[What needs to be done]
What is needed is a verbatim copy of the data, minus the pictures.

[Available data]
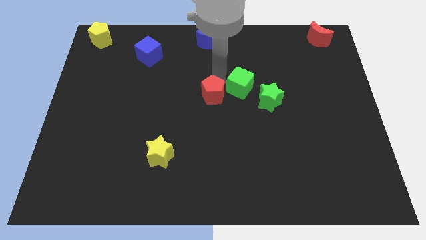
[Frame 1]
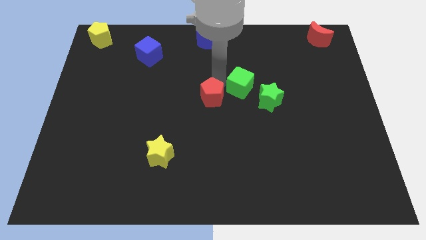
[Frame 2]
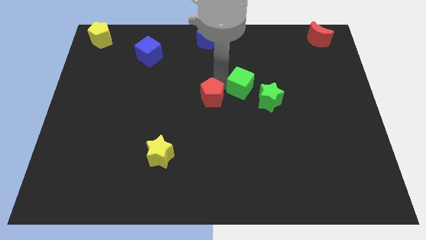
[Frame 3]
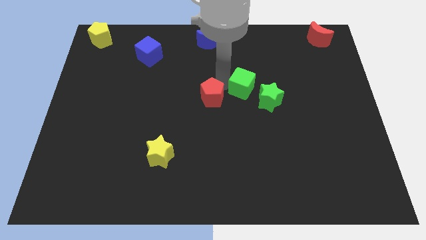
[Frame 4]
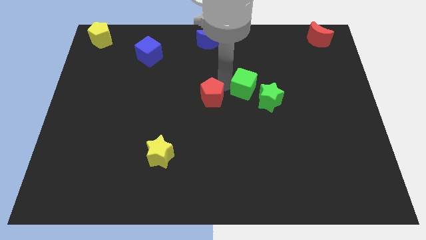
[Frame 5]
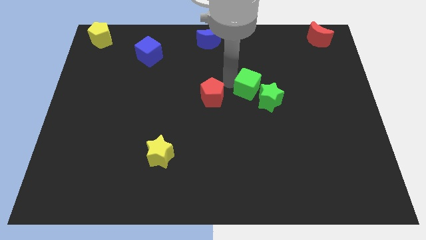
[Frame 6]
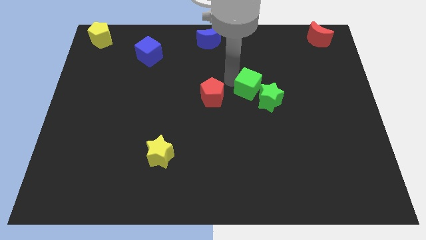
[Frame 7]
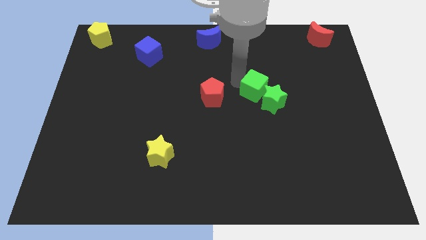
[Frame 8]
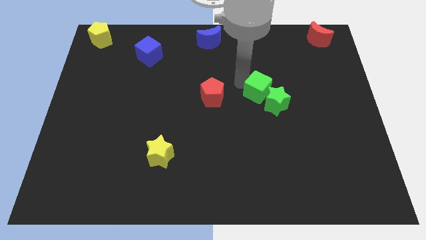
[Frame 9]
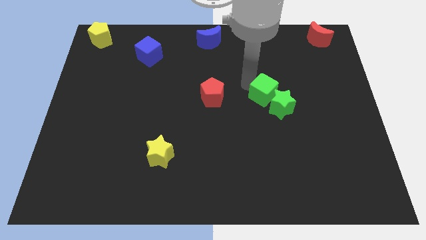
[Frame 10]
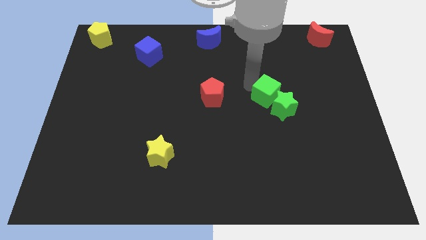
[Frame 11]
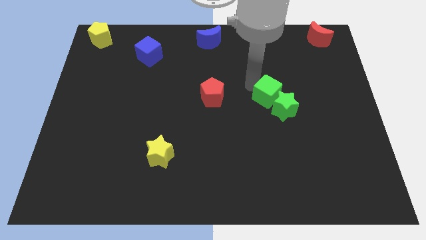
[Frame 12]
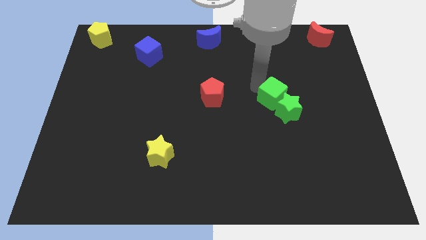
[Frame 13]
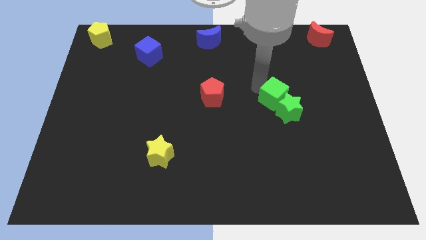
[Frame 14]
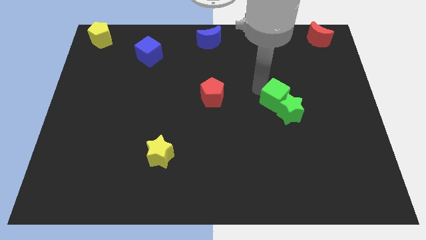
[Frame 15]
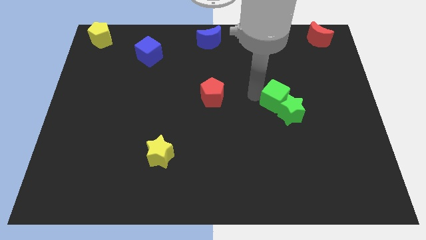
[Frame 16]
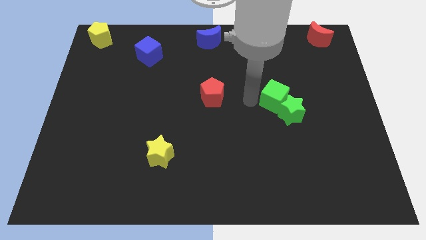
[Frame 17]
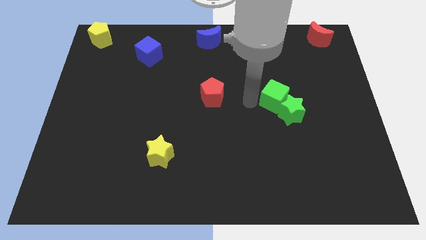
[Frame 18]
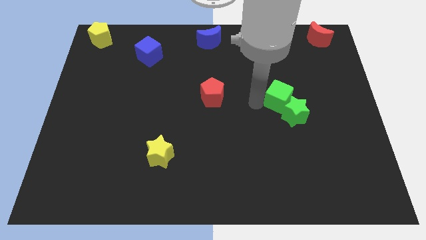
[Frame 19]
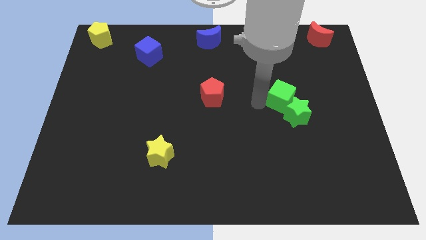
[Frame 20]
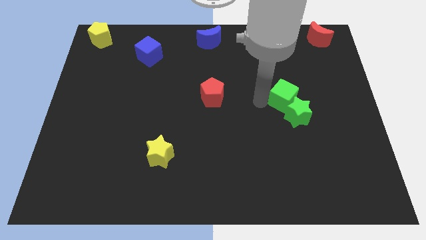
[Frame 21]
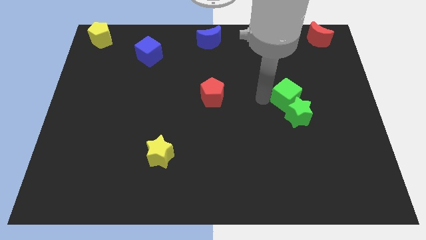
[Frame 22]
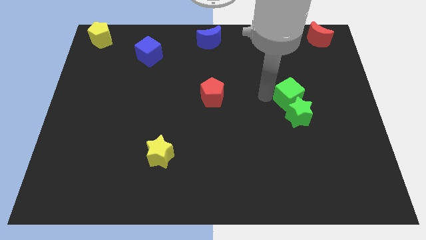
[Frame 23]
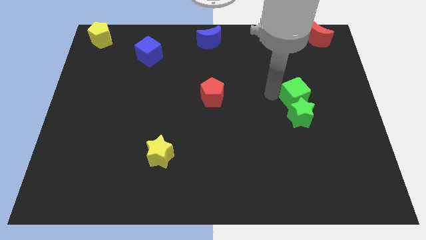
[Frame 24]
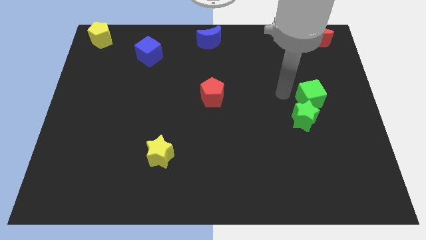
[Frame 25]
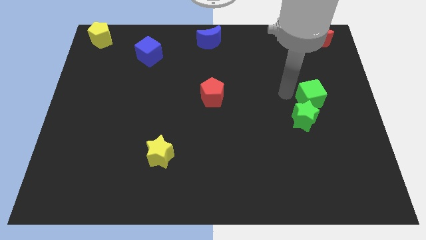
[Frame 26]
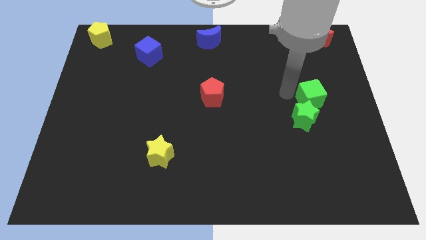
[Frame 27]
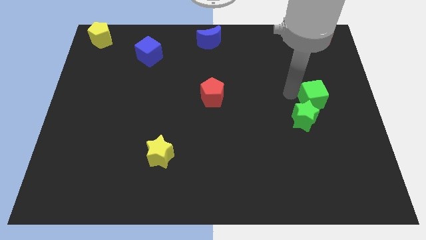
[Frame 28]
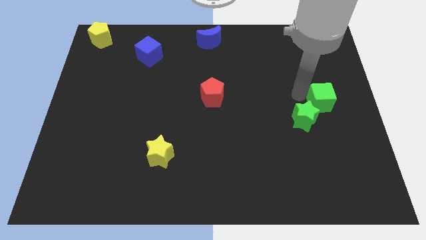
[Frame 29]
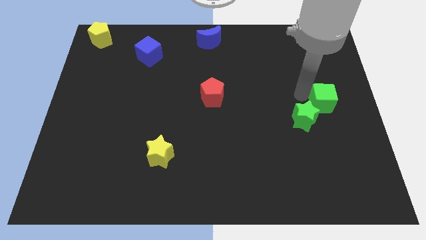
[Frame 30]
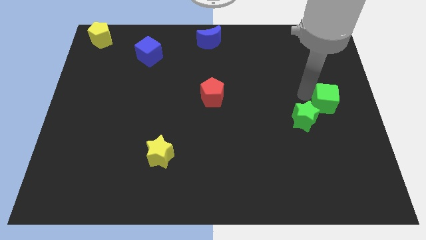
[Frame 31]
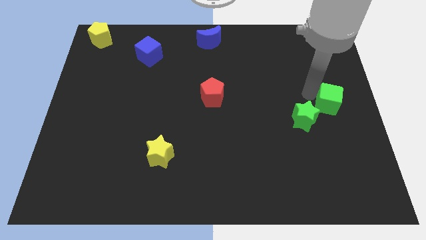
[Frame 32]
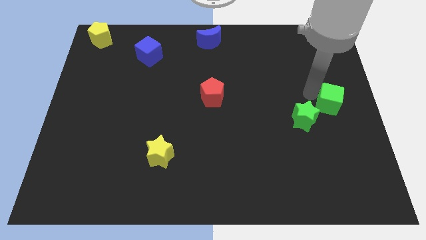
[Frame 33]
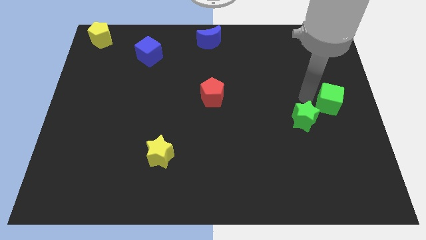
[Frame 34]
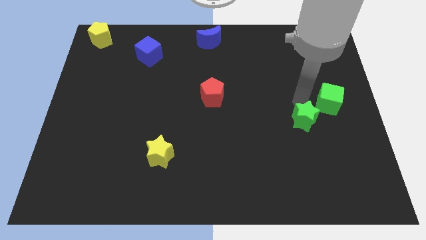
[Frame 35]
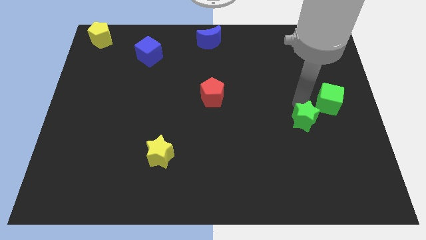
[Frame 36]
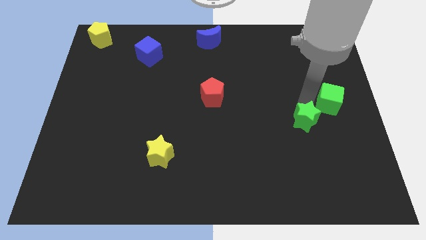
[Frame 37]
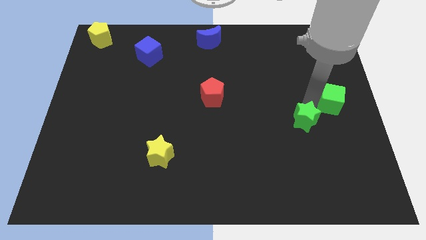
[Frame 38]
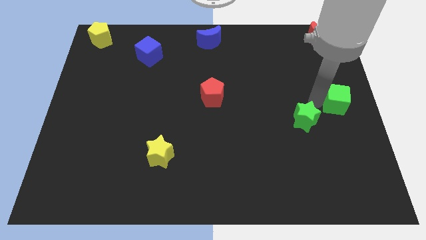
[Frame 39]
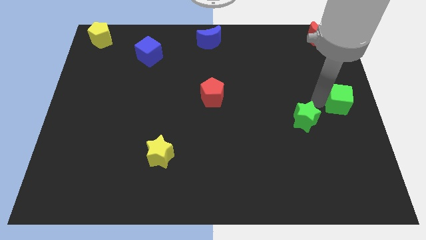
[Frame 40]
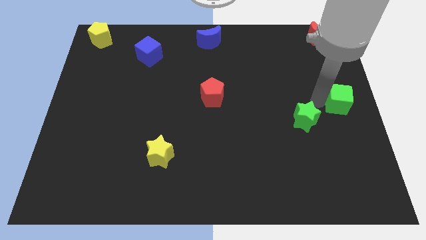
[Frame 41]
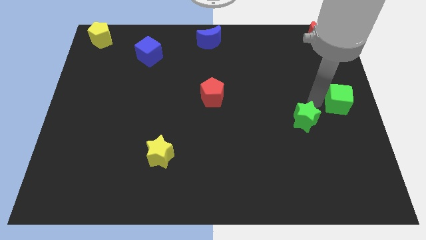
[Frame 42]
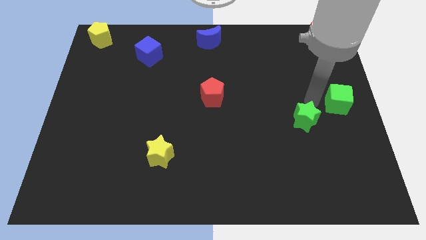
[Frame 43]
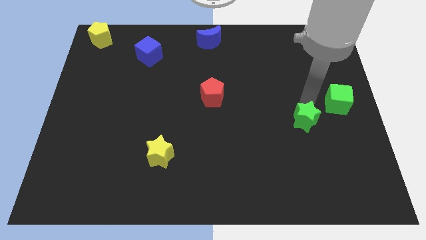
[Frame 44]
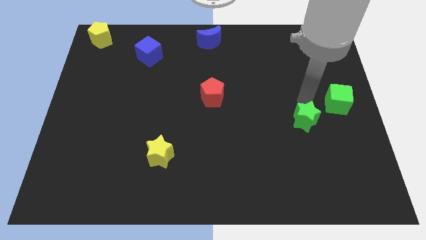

[Exercise solution]
[Frame 1]
[Frame 2]
[Frame 3]
[Frame 4]
[Frame 5]
[Frame 6]
[Frame 7]
[Frame 8]
[Frame 9]
[Frame 10]
[Frame 11]
[Frame 12]
[Frame 13]
[Frame 14]
[Frame 15]
[Frame 16]
[Frame 17]
[Frame 18]
[Frame 19]
[Frame 20]
[Frame 21]
[Frame 22]
[Frame 23]
[Frame 24]
[Frame 25]
[Frame 26]
[Frame 27]
[Frame 28]
[Frame 29]
[Frame 30]
[Frame 31]
[Frame 32]
[Frame 33]
[Frame 34]
[Frame 35]
[Frame 36]
[Frame 37]
[Frame 38]
[Frame 39]
[Frame 40]
[Frame 41]
[Frame 42]
[Frame 43]
[Frame 44]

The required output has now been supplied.